Your assignment – Reproduce the listing below exactly, beginning with its first line and ending with the line that holds "31.212C7.942 31.212 9.331"; pictures are not part of the copy.

Data excerpts –

+ + +

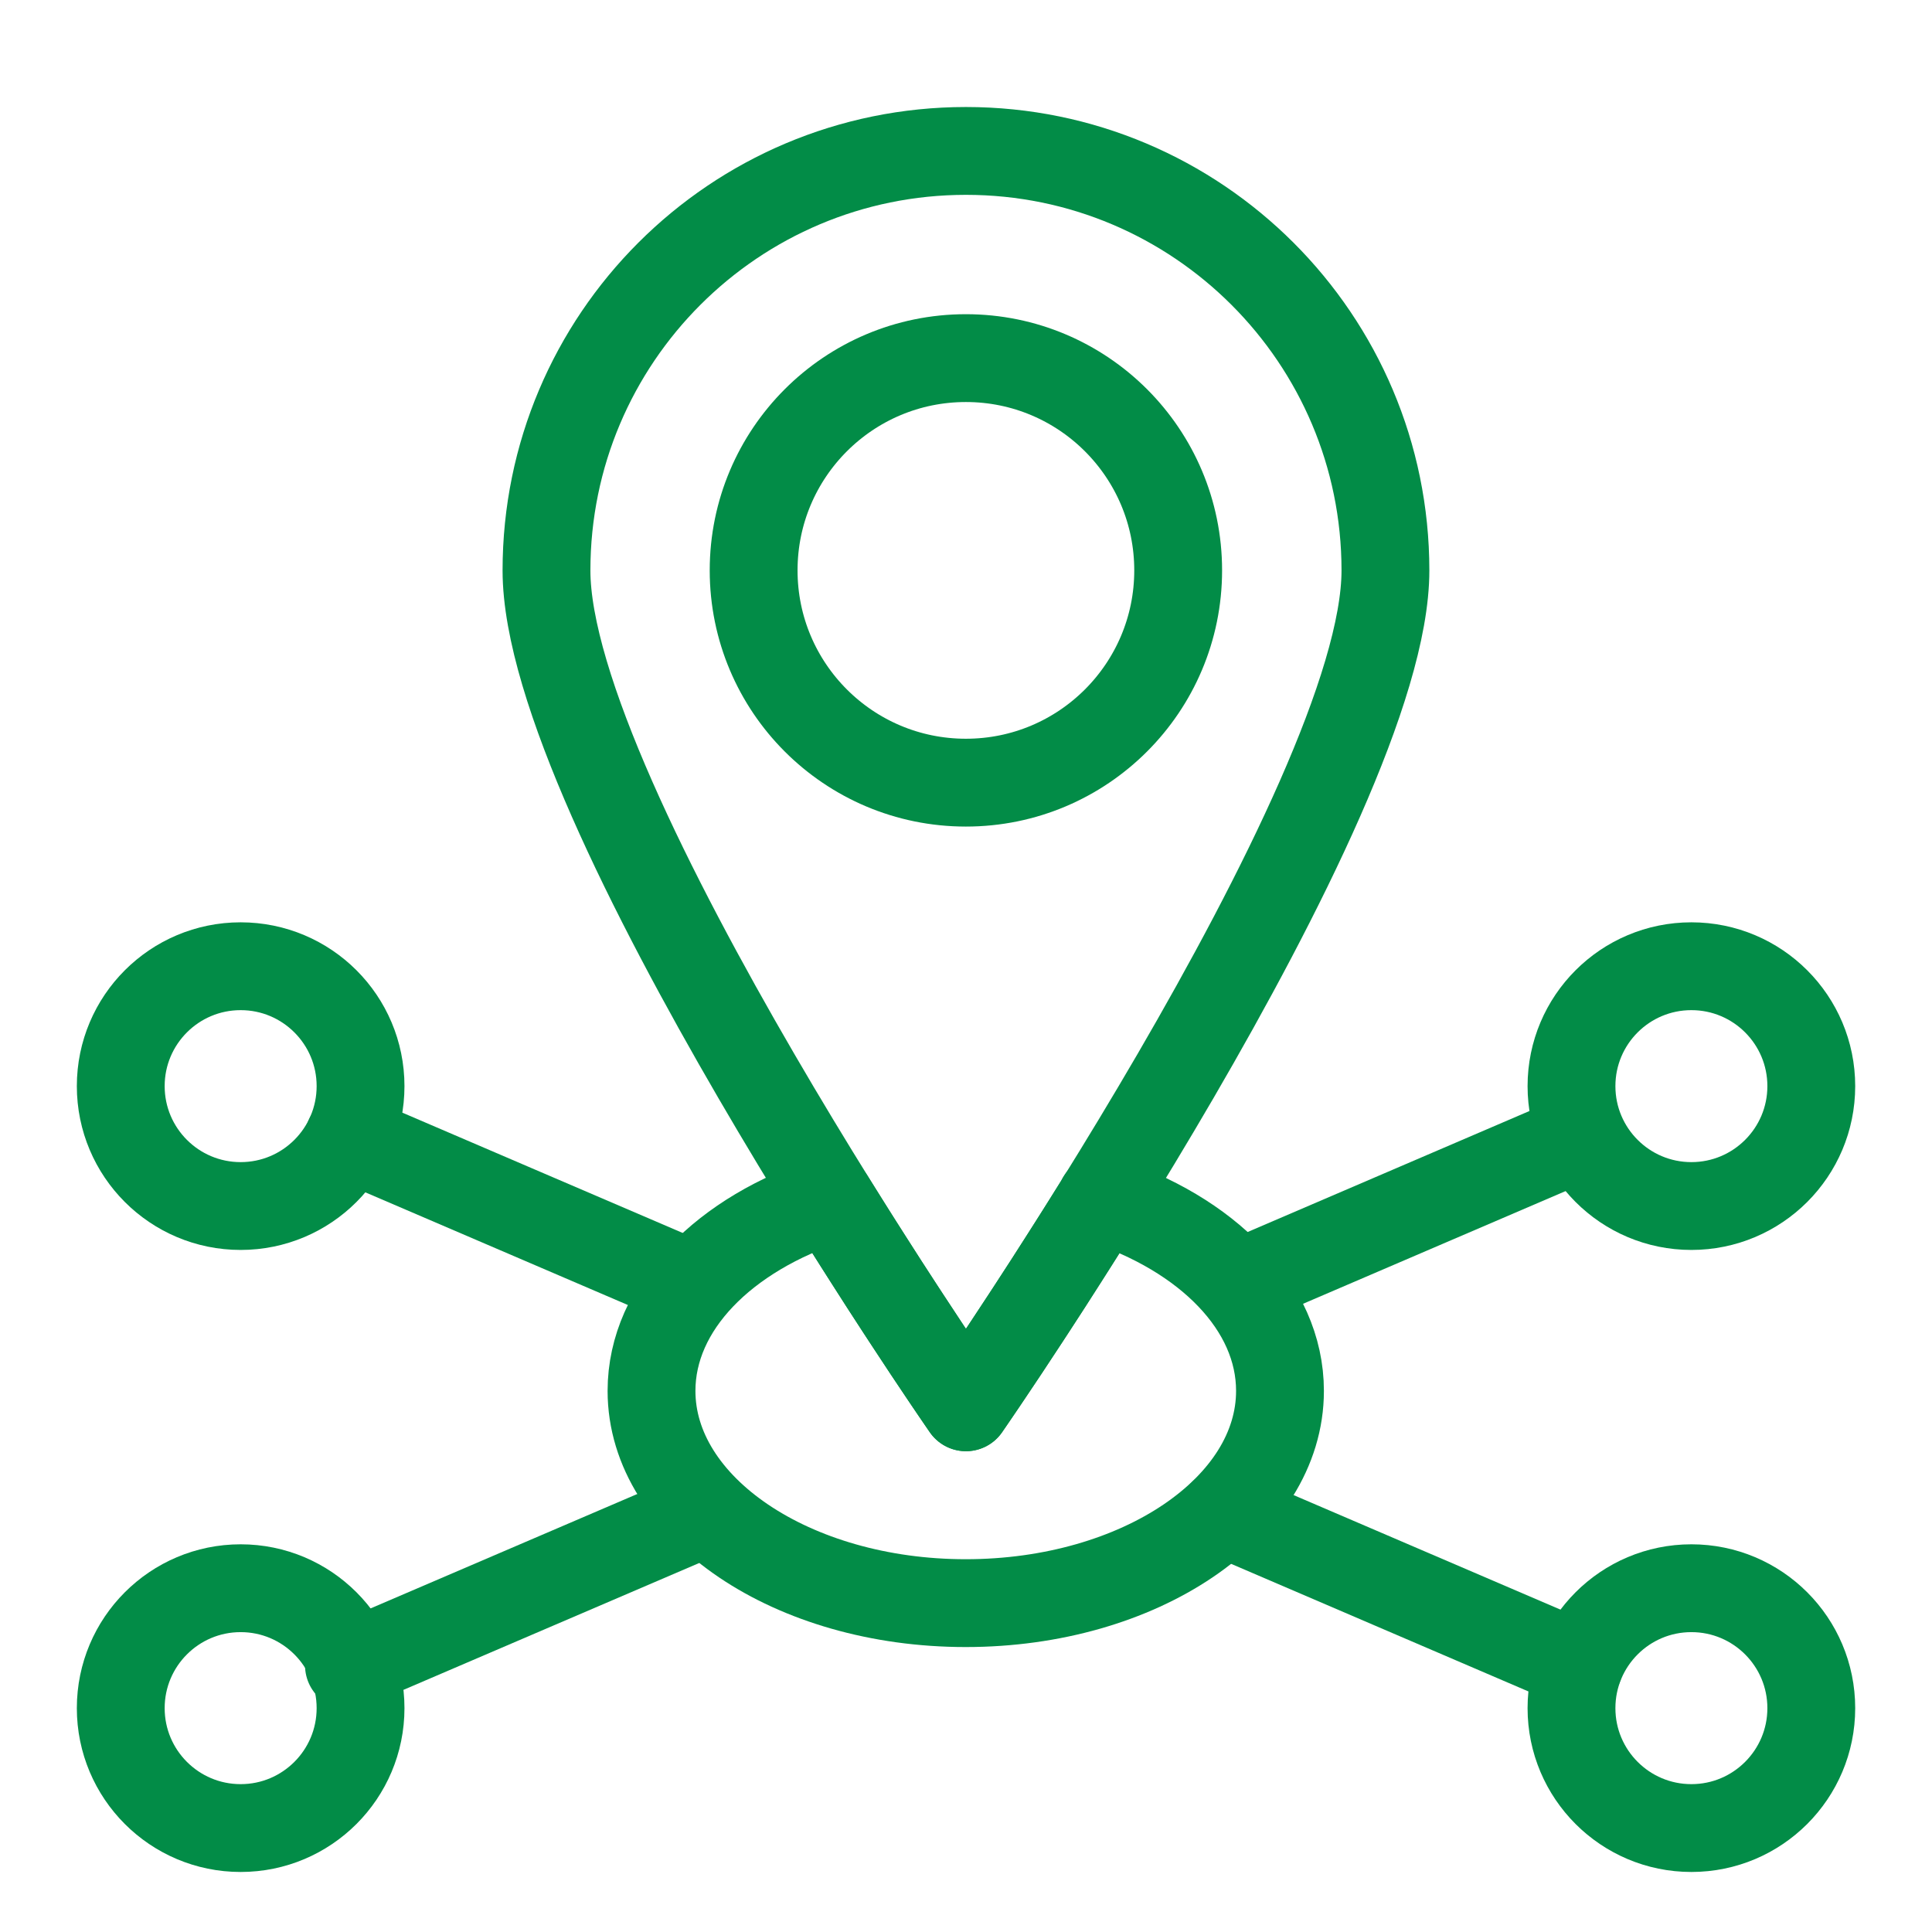 <svg width="50" height="50" viewBox="0 0 50 50" fill="none" xmlns="http://www.w3.org/2000/svg">
<path d="M24.997 20.255C28.032 20.255 30.491 17.795 30.491 14.761C30.491 11.727 28.032 9.268 24.997 9.268C21.963 9.268 19.504 11.727 19.504 14.761C19.504 17.795 21.963 20.255 24.997 20.255Z" stroke="#028C47" stroke-width="2.273" stroke-linecap="round" stroke-linejoin="round"/>
<path d="M6.228 31.212C7.942 31.212 9.331 29.823 9.331 28.109C9.331 26.395 7.942 25.006 6.228 25.006C4.514 25.006 3.125 26.395 3.125 28.109C3.125 29.823 4.514 31.212 6.228 31.212Z" stroke="#028C47" stroke-width="2.273" stroke-linecap="round" stroke-linejoin="round"/>
<path d="M6.228 47.31C7.942 47.31 9.331 45.92 9.331 44.207C9.331 42.493 7.942 41.103 6.228 41.103C4.514 41.103 3.125 42.493 3.125 44.207C3.125 45.92 4.514 47.31 6.228 47.31Z" stroke="#028C47" stroke-width="2.273" stroke-linecap="round" stroke-linejoin="round"/>
<path d="M43.773 31.212C45.487 31.212 46.876 29.823 46.876 28.109C46.876 26.395 45.487 25.006 43.773 25.006C42.059 25.006 40.67 26.395 40.67 28.109C40.67 29.823 42.059 31.212 43.773 31.212Z" stroke="#028C47" stroke-width="2.273" stroke-linecap="round" stroke-linejoin="round"/>
<path d="M43.773 47.31C45.487 47.31 46.876 45.92 46.876 44.207C46.876 42.493 45.487 41.103 43.773 41.103C42.059 41.103 40.67 42.493 40.67 44.207C40.67 45.92 42.059 47.31 43.773 47.31Z" stroke="#028C47" stroke-width="2.273" stroke-linecap="round" stroke-linejoin="round"/>
<path d="M31.662 39.15L40.868 43.101" stroke="#028C47" stroke-width="2.273" stroke-linecap="round" stroke-linejoin="round"/>
<path d="M9.031 29.439L17.66 33.142" stroke="#028C47" stroke-width="2.273" stroke-linecap="round" stroke-linejoin="round"/>
<path d="M32.291 33.12L40.865 29.439" stroke="#028C47" stroke-width="2.273" stroke-linecap="round" stroke-linejoin="round"/>
<path d="M9.031 43.102L18.074 39.223" stroke="#028C47" stroke-width="2.273" stroke-linecap="round" stroke-linejoin="round"/>
<path d="M28.503 31.039C26.563 34.165 24.998 36.42 24.998 36.42C24.998 36.42 23.433 34.165 21.493 31.039C18.756 31.923 16.861 33.808 16.861 35.996C16.861 39.027 20.501 41.489 24.993 41.489C29.486 41.489 33.126 39.031 33.126 35.996C33.126 33.808 31.231 31.923 28.493 31.039H28.503Z" stroke="#028C47" stroke-width="2.273" stroke-linecap="round" stroke-linejoin="round"/>
<path d="M35.855 14.763C35.855 20.757 24.999 36.421 24.999 36.421C24.999 36.421 14.143 20.761 14.143 14.763C14.143 8.764 19.005 3.906 24.999 3.906C30.993 3.906 35.855 8.768 35.855 14.763Z" stroke="#028C47" stroke-width="2.273" stroke-linecap="round" stroke-linejoin="round"/>
</svg>

+ + +

Answer to the exercise –
 <svg width="50" height="50" viewBox="0 0 50 50" fill="none" xmlns="http://www.w3.org/2000/svg">
<path d="M24.997 20.255C28.032 20.255 30.491 17.795 30.491 14.761C30.491 11.727 28.032 9.268 24.997 9.268C21.963 9.268 19.504 11.727 19.504 14.761C19.504 17.795 21.963 20.255 24.997 20.255Z" stroke="#028C47" stroke-width="2.273" stroke-linecap="round" stroke-linejoin="round"/>
<path d="M6.228 31.212C7.942 31.212 9.331 29.823 9.331 28.109C9.331 26.395 7.942 25.006 6.228 25.006C4.514 25.006 3.125 26.395 3.125 28.109C3.125 29.823 4.514 31.212 6.228 31.212Z" stroke="#028C47" stroke-width="2.273" stroke-linecap="round" stroke-linejoin="round"/>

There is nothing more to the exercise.